The lessons of this decision are clear: companies must have:

  • Robust methodologies;

  • Consistent information across all their tax reports;

  • Solid technical documentation; and

  • A clear economic justification for transactions.

Proactive and well-documented compliance is essential to avoid adjustments by the Panamanian tax authority.

Honduras: A new country-by-country reporting obligation

Honduras is moving towards fiscal transparency with the implementation of a CbCR requirement, established in Agreement SAR-653-2023. As of January 1 2025, ultimate parent companies domiciled in Honduras, or local entities of multinational groups, will have to submit this report if the group’s consolidated revenues exceed €750 million (or HNL19 billion).

A particularity of the Honduran case is that the country is not part of the Multilateral Competent Authority Agreement on the Exchange of GloBE Information, nor does it have bilateral agreements that endorse the automatic exchange of CbCRs. Consequently, a local entity could be forced to file a CbCR in Honduras even if it has already been delivered in the jurisdiction of the parent.

In addition, companies must send a notification to the tax administration explaining whether they act as the ultimate parent company, an integrating entity, an informant, or a subrogated parent company. Given that the technical mechanisms for compliance with this obligation have not yet been defined, it is recommended that taxpayers are attentive to the communications of the Revenue Administration Service to avoid penalties and ensure the timely filing of the report.

Costa Rica: Intersection between trade regulation and TP

In Costa Rica, transfer pricing faces a new challenge derived from the commercial regulation of the pharmaceutical sector. Resolution No. 44863-MEIC, which has been in force since January 2025, imposes maximum marketing margins for all registered medicines, in order to control prices and facilitate the population’s access to medical treatments.

This regulation is in direct conflict with the principles of free competition established in international transfer pricing standards, generating legal and operational tensions for multinational companies in the sector. Companies will need to review their inter-party pricing policies to ensure that declared securities remain defensible to tax authorities, both local and foreign.

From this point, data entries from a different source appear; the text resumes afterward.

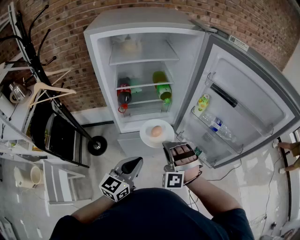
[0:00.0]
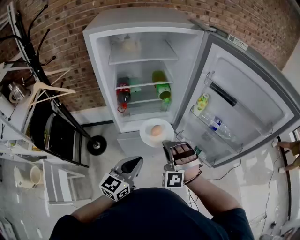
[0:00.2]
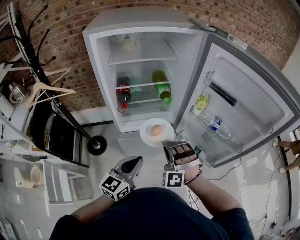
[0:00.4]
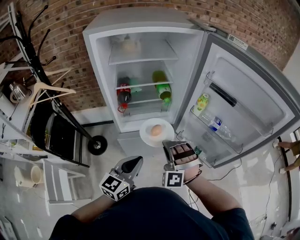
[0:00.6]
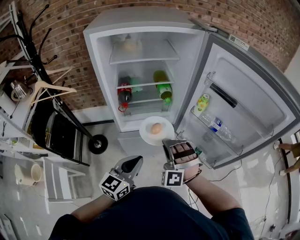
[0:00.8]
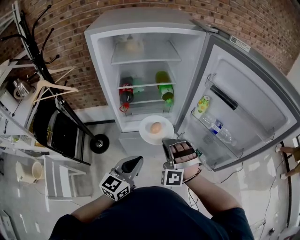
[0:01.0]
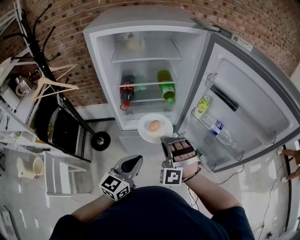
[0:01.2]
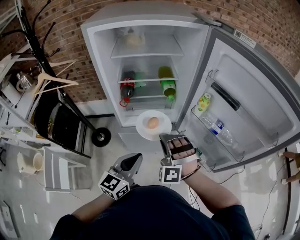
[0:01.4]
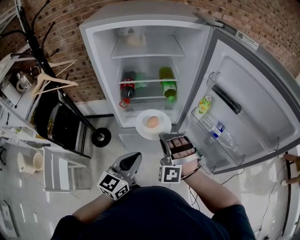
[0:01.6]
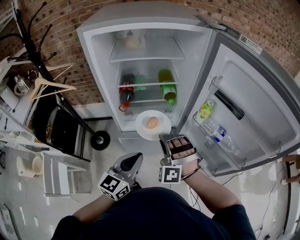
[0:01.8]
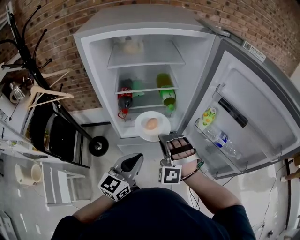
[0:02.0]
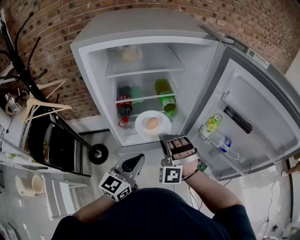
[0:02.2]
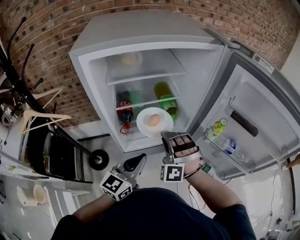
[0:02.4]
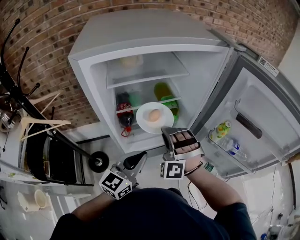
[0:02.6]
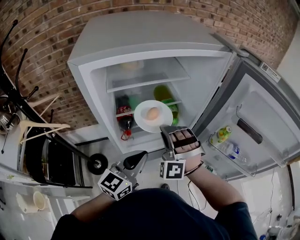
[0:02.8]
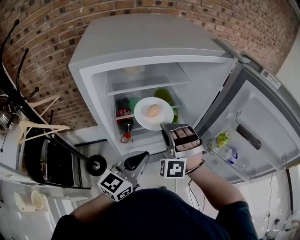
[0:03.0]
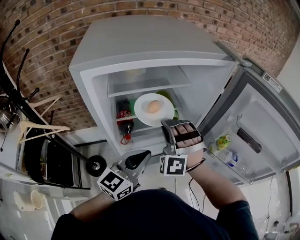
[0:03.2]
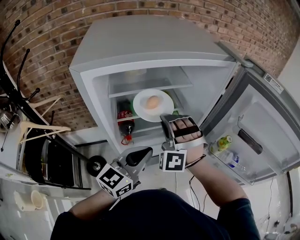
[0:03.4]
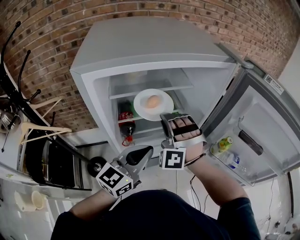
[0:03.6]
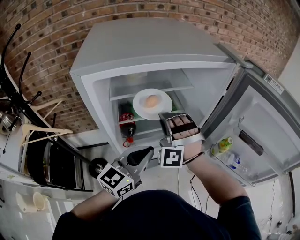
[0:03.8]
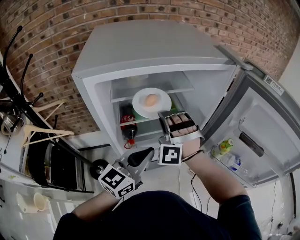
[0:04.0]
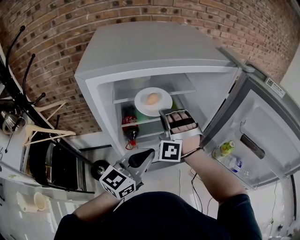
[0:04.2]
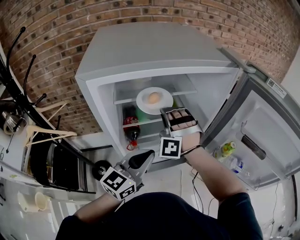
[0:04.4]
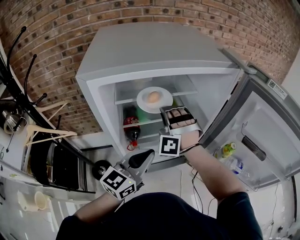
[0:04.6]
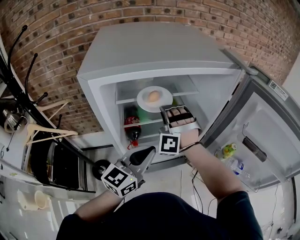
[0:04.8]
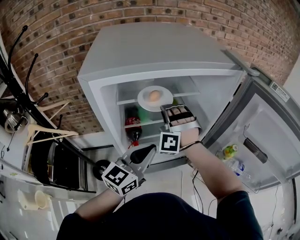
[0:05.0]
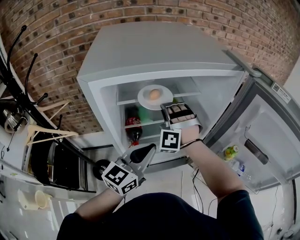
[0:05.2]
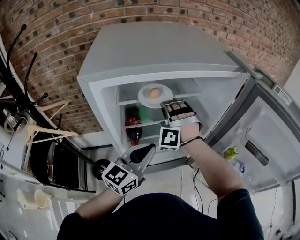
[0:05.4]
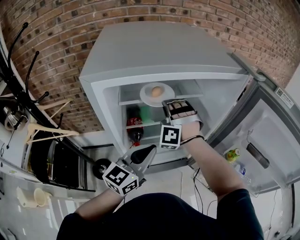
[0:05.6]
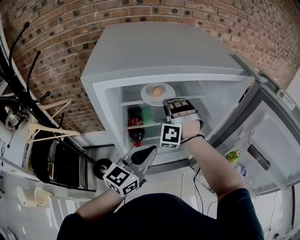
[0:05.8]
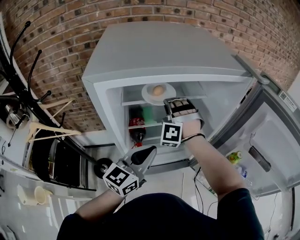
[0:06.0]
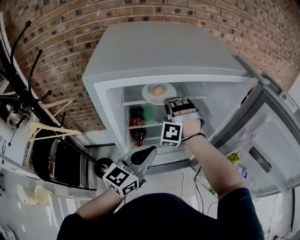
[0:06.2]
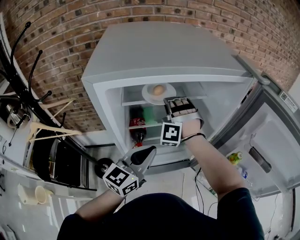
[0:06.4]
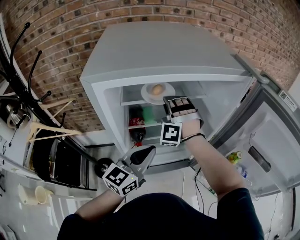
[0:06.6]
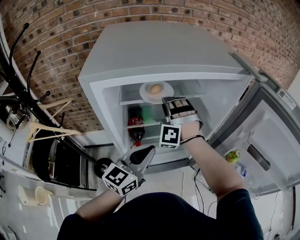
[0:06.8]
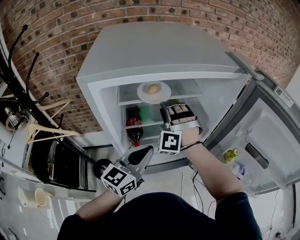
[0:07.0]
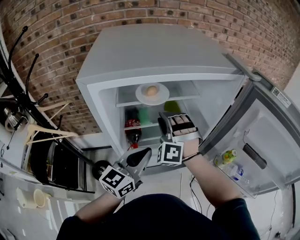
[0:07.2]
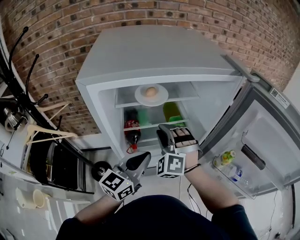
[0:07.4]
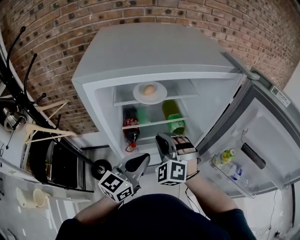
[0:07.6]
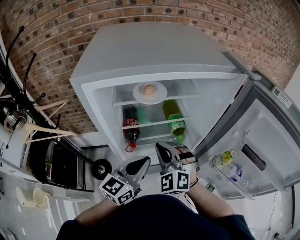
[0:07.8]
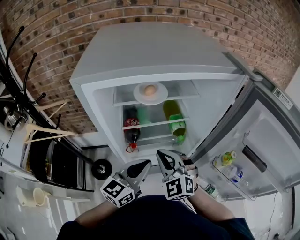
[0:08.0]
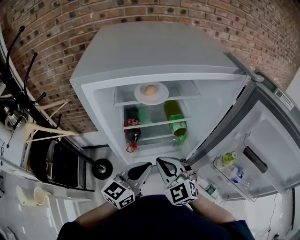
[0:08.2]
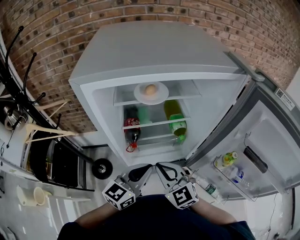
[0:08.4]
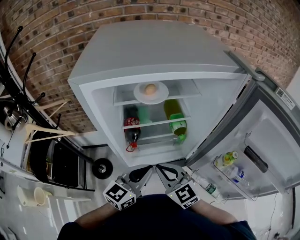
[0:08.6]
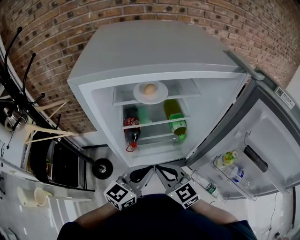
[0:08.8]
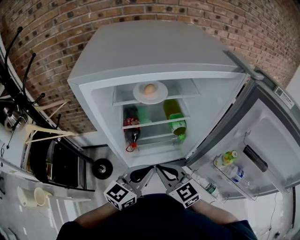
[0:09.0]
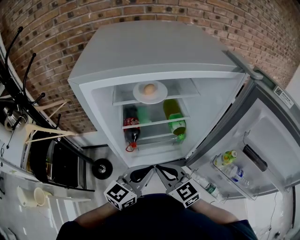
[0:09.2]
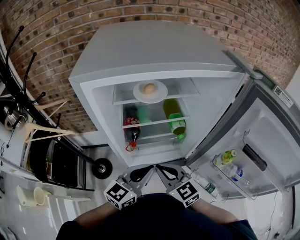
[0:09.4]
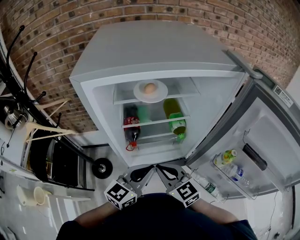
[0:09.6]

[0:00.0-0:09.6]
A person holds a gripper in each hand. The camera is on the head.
0:01.6 to 0:03.2: The left gripper changes place by roughly 20 cm.
0:06.4 to 0:08.0: The left gripper moves approximately 5 cm.

The fiscal implications could be significant: a lack of alignment between regulated domestic prices and market prices could lead to tax adjustments and penalties. In addition, the administrative burden increases, as companies must document in greater detail the economic logic behind their pricing structures. This situation also represents an opportunity to re-evaluate supply chains, optimise costs, and explore business restructurings that strengthen operational sustainability within the new regulated environment.

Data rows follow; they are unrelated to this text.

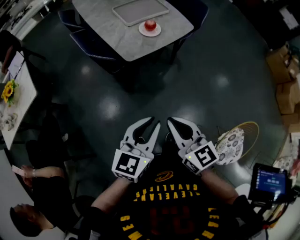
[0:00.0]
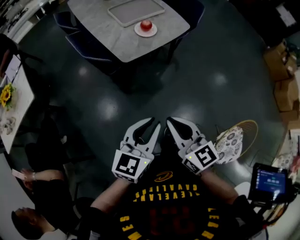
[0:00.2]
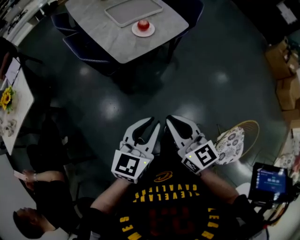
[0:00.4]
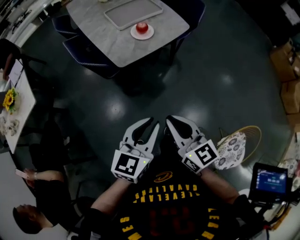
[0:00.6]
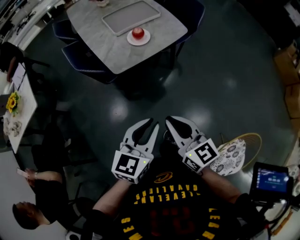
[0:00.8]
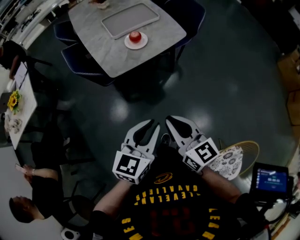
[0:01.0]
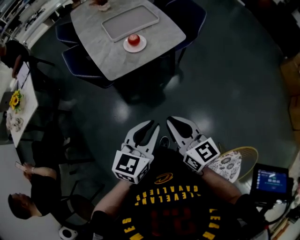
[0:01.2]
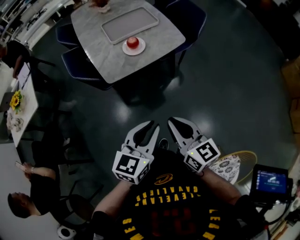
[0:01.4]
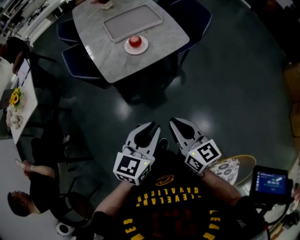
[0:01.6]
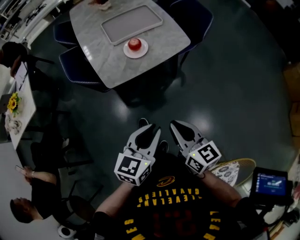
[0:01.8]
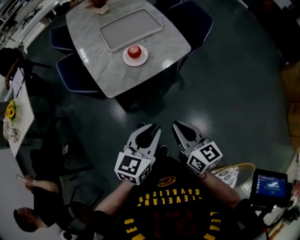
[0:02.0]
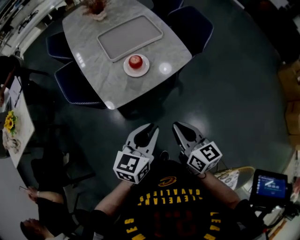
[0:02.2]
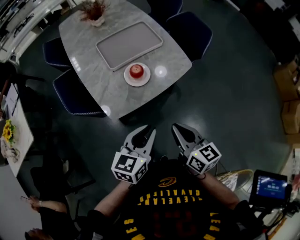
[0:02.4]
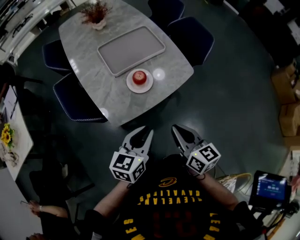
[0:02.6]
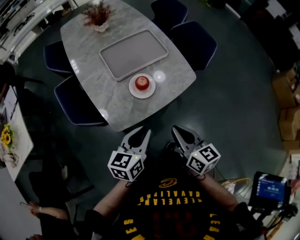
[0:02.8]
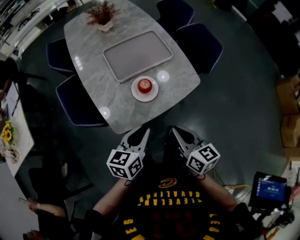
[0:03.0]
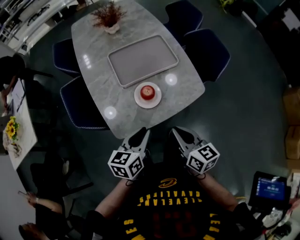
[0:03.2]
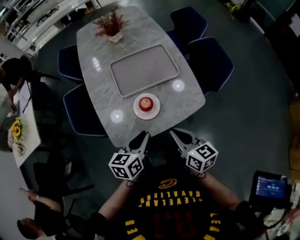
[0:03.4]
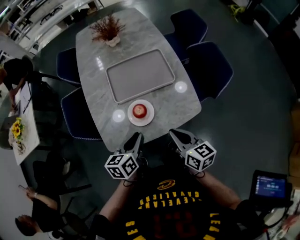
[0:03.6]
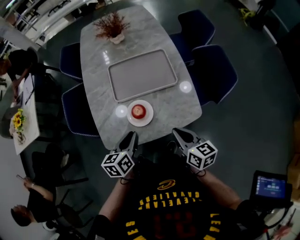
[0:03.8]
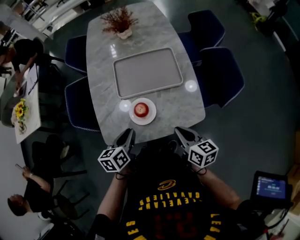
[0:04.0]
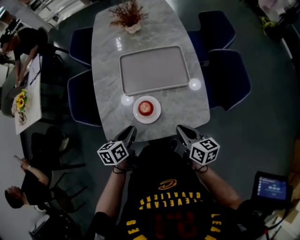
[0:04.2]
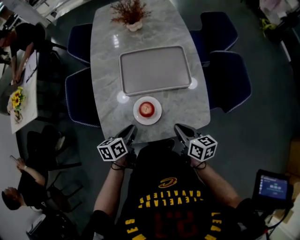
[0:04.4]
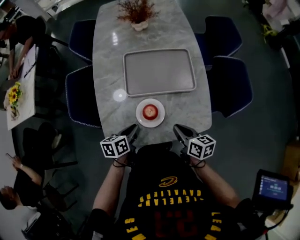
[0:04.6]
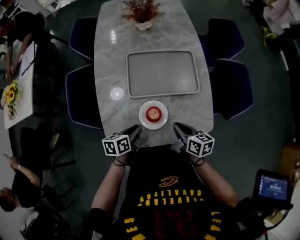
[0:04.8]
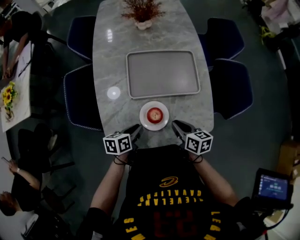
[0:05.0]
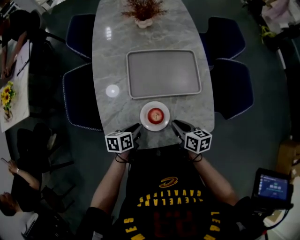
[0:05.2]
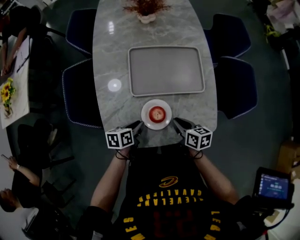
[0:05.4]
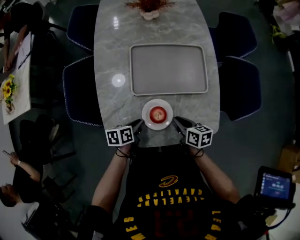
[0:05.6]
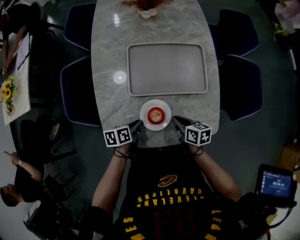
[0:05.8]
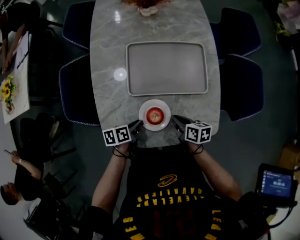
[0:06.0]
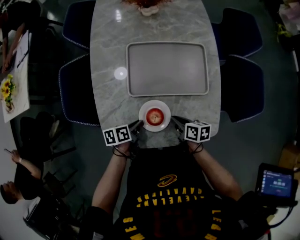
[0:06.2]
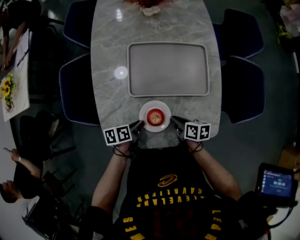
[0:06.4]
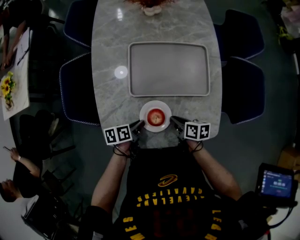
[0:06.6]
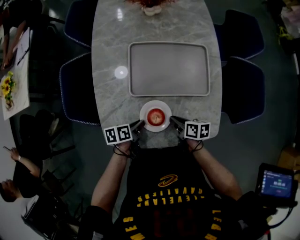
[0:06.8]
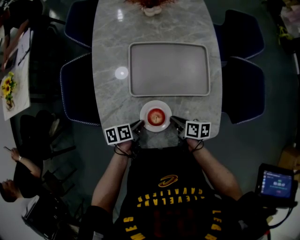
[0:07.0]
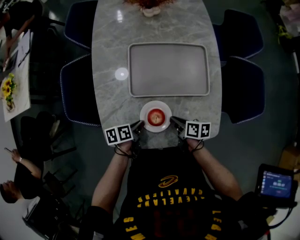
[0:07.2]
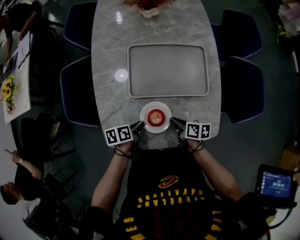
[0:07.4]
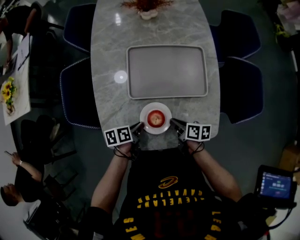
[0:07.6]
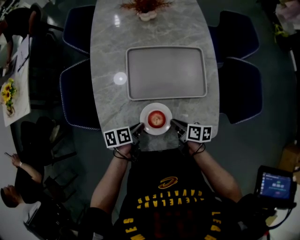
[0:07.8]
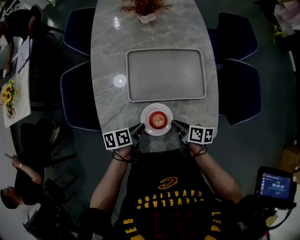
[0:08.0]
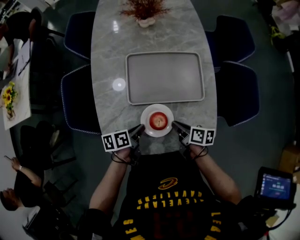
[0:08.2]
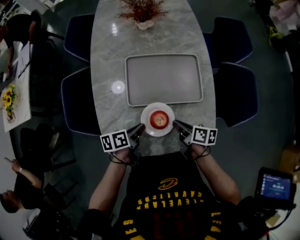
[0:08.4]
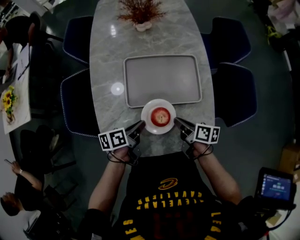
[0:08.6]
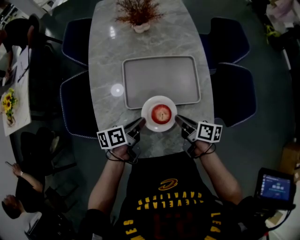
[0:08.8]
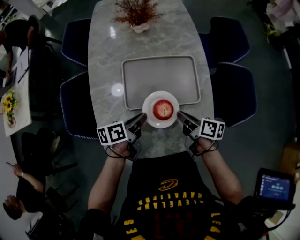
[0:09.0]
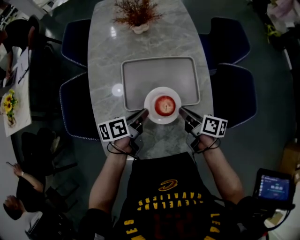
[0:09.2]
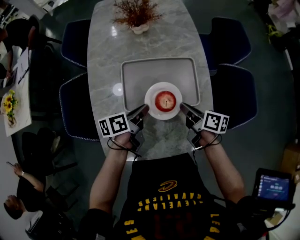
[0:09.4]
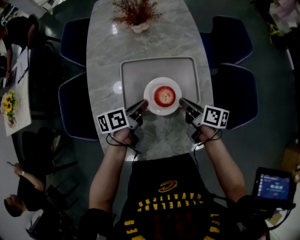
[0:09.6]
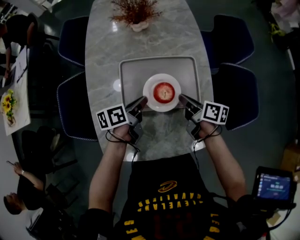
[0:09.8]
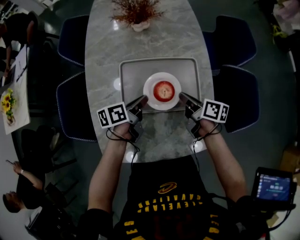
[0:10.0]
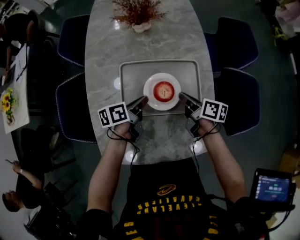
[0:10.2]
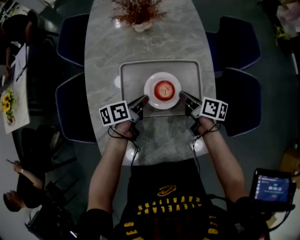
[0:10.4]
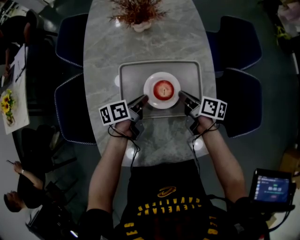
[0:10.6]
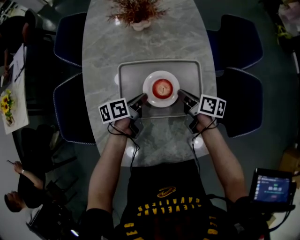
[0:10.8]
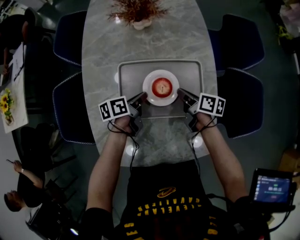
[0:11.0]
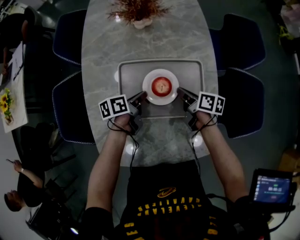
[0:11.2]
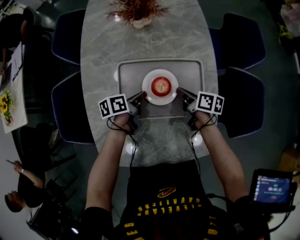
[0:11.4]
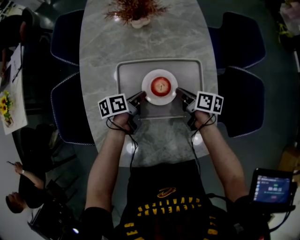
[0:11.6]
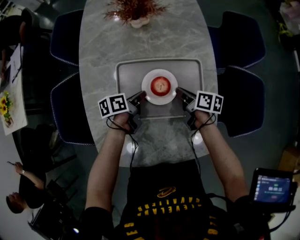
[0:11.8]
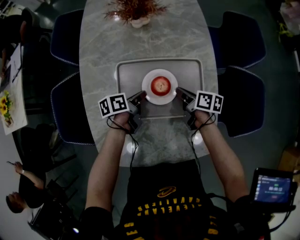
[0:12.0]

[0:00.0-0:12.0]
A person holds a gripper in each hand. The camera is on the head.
0:00.0 to 0:01.6: There are only small adjustments of the grippers.
0:01.6 to 0:03.0: The left gripper travels to the left and downward by roughly 10 cm, and moves approximately 10 cm forward and comes back, while the right gripper goes forward and returns, approximately 10 cm each way.
0:03.0 to 0:04.4: The left gripper shifts about 15 cm downward and to the left, and swivels some 30 degrees, while the right gripper moves left and right over some 15 cm, changing direction 2 times.
0:04.4 to 0:06.0: The left gripper moves to the right, backward and downward, about 15 cm. The right gripper shifts approximately 15 cm downward, backward and to the right.
0:06.0 to 0:07.6: The grippers make only small movements.
0:07.6 to 0:09.0: The grippers both shift forward and upward by about 15 cm.
0:09.0 to 0:10.4: The two grippers go approximately 5 cm forward.
0:10.4 to 0:12.0: The grippers make only small movements.

On the other hand, on February 12 2025, the General Directorate of Taxation (DGT) of Costa Rica announced on the official website of the Ministry of Finance the launch of a public consultation and discussions on a resolution that would establish the requirements for the filing of informative transfer pricing returns. The draft resolution sets out the main requirements that would apply and provides a draft model and instructions for the preparation of the declaration, which would become another formal compliance obligation. The new obligation would be in line with the existing one to carry out a transfer pricing study.

The resolution would apply to:

  • Taxpayers that carry out transactions with related parties (national or international);

  • “Large” national taxpayers or companies under the free zone regime; and

  • Entities whose transactions with related parties exceed 1,000 annual base salaries (CRC462.2 million for 2024).

The filing deadline is three months after the fiscal closing. For the 2024 period, six months will be given after the entry into force of the resolution.

Presentation will be made via the TRIBU-CR system, the activation of which will be announced by the DGT. The model and instructions are in the annexes of the project.

Total or partial omission will be sanctioned in accordance with Article 150 of the Tax Code and Article 268 bis of the Tax Procedure Regulations.

Until now, this obligation had been suspended since a previous resolution in 2016.